Kembali ke kontroversi yang paling menjadi perhatian di lintasan kecerdasan berwujud saat ini: mana yang lebih ringan atau lebih berat—pilihan jalur teknis atau komersialisasi?
“Dalam hal kecerdasan berwujud, plafon prestasi yang dicapai dengan mengorbankan teknologi demi bisnis tidak akan tinggi. Plafon yang benar-benar tinggi adalah kolaborasi bisnis dan teknologi, dengan teknologi secara bertahap mendorong perkembangan bisnis.” Wang Hao berpendapat bahwa jalur utama 自变量 adalah membuat model dasar terus beriterasi ke depan. “Tapi ada satu hal: jangan membuat terlalu banyak sistem model pada skenario vertikal, untuk membuat banyak penggantian teknik demi implementasi. Misalnya, jika kamu mendapati robot punya blind spot pada visi, buat model kecil untuk mendeteksinya. Dalam jangka pendek, ini bisa membantu mempercepat implementasi, tetapi dalam jangka panjang itu akan membahayakan peningkatan model dasar.”
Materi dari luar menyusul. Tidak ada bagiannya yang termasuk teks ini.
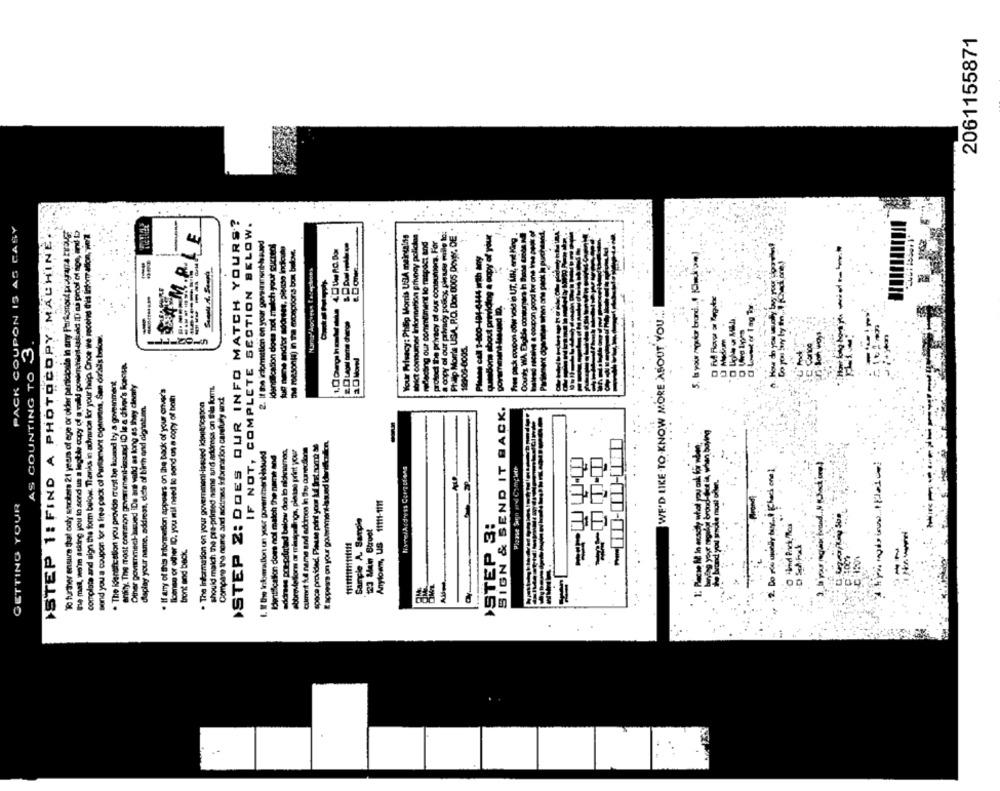
2061155871
STEP 2: DOES OUR INFO MATCH YOURS?
PACK COUPON 15 AS CARY
IF NOT, COMPLETE SECTION BELOW.
ISTEP 1: FIND A PHOTOCOPY MACHINE.
W further ensure that only smokers 21 years of age or older panicicale in any Partemod poupara hover
te mas, no'in stking you to send us a legtde copy of a vald gowinchant-asbald ID'as proof of sige, and to
compilata and sign the form below. Thanks in advance for your help. Once we recohed this link adon, werl
Your Privacy: Philip Morris USA meincaing
strict consumer Information privacy policies
a copy of our privacy policy please maile to:
Phillip Morris USA. R.O. Dox 0005 Dover, DE."
2. If the indoratien en your goverment-ened
identification does not match your sientol
meBlading our commitment to mapoct and
protect the privacy of ous consumers. For
fuc name andfor adorees, pienso indicate
the reasonta) in the exceptions box belove.
5. bu your regular brand ! (duction)
-----
Mamp hogreus toceptions
WE'D LIKE TO KNOW MORE ABOUT YOU ..
O Walny's
send you a coupon for a free pack of Parliament cignoran, San dr'sis below.
AS COUNTING TO 3
19906-0005
anity. The most common government-insund ID le a driver's license.
. The identification you provide must be loand by a government
Other government-lasued iDs ant wild as long as they clemty
should maich the pre-printed name and address on Shila forms.
. If any of this information appears on the back of your eniver's
Ilbense or other ID. you wil need to send os a copy of both
. The information on your government-issued idonericsson
Compare the name and address information carefully and
display your name, address, dete of birth and algrint.m.
SIGN & SEND IT BACK.
.
Eappears on your government-issued Idanificadon.
1. If the infarallon un your povarrivent-losund
address pre-printad below doa lo nicknamen.
abbreviations or misspellings, please print your
calmnit ful name and addres In The comicdone
space provided. Pieuse print your Auf fret somt &e
Identification doms noll malch the name and
2. Do rio usually tax. ichard one
Please Sign and Complete
GETTING YOUR
Anylown, US 11111-1111
Sample A. Sampie
'123 Main Street
›STEP 3:
front and back.
=
104

Keteguhan ini sesuai dengan logika pemilihan skenario 自变量—dasar pertama memilih skenario adalah apakah ia bisa memberi umpan balik untuk kemampuan model dasar. “Bukan berarti kamu dulu membuat teknologi sepenuhnya general dulu, baru memikirkan skenario. Justru sebaliknya: skenario memberimu iterasi; iterasi membuat model dasar menjadi lebih kuat; model dasar yang lebih kuat kemudian memberikan umpan balik ke bisnis. Dengan begitu barulah bisa terbentuk closed loop yang utuh.”
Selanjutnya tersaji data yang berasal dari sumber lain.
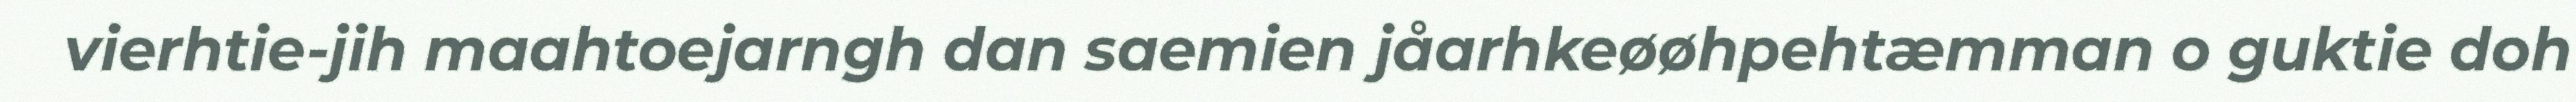
vierhtie-jih maahtoejarngh dan saemien jåarhkeøøhpehtæmman o guktie doh
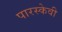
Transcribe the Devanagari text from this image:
पारस्केवी
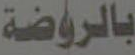
بالروضة
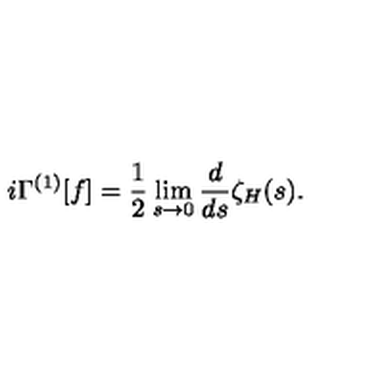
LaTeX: i \Gamma ^ { ( 1 ) } [ f ] = { \frac { 1 } { 2 } } \lim _ { s \to 0 } { \frac { d } { d s } } \zeta _ { H } ( s ) .
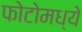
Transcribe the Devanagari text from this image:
फोटोमध्ये
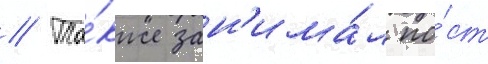
// Та́кже зан'има́л по́ст
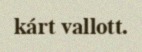
kárt vallott.
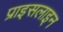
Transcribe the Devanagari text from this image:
प्राइसलाइन
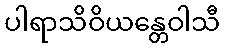
ပါရာသိဝိယန္တေဝါသီ
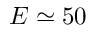
E \simeq 5 0
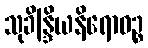
သုခိန္ဒြိယနိရောဓဉ္စ
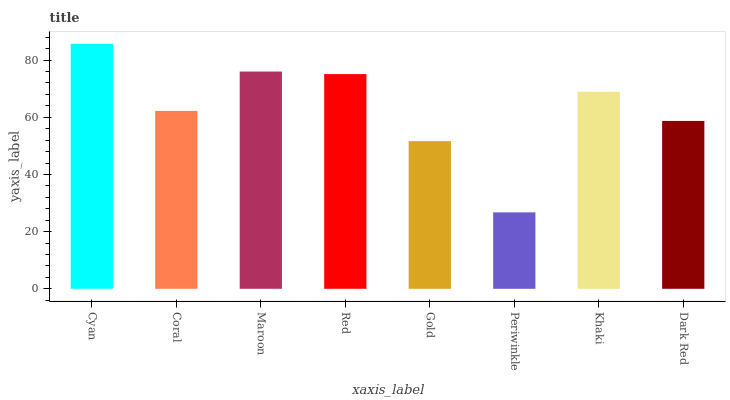
| xaxis_label | bars |
 | --- | --- |
 | Cyan | 85.7 |
 | Coral | 62.2 |
 | Maroon | 76 |
 | Red | 75.1 |
 | Gold | 51.7 |
 | Periwinkle | 26.7 |
 | Khaki | 68.9 |
 | Dark Red | 58.7 |

Ia mengungkapkan bahwa investasi untuk model dasar selalu sangat tinggi. Sejak hari pertama perusahaan berdiri, mereka sudah berinvestasi besar-besaran pada data, komputasi, dan infrastruktur dasar. “Begitu efek skala terbentuk, ketika kamu menginvestasikan 10 kali sumber daya untuk meraih keunggulan, efek pengumpulan sumber daya akan semakin terlihat; kamu akan mengungguli orang lain dalam kecepatan dengan keunggulan pada skala. Semakin awal mulai, semakin ada keunggulan. Semakin terlambat mulai, semakin sulit untuk jadi.”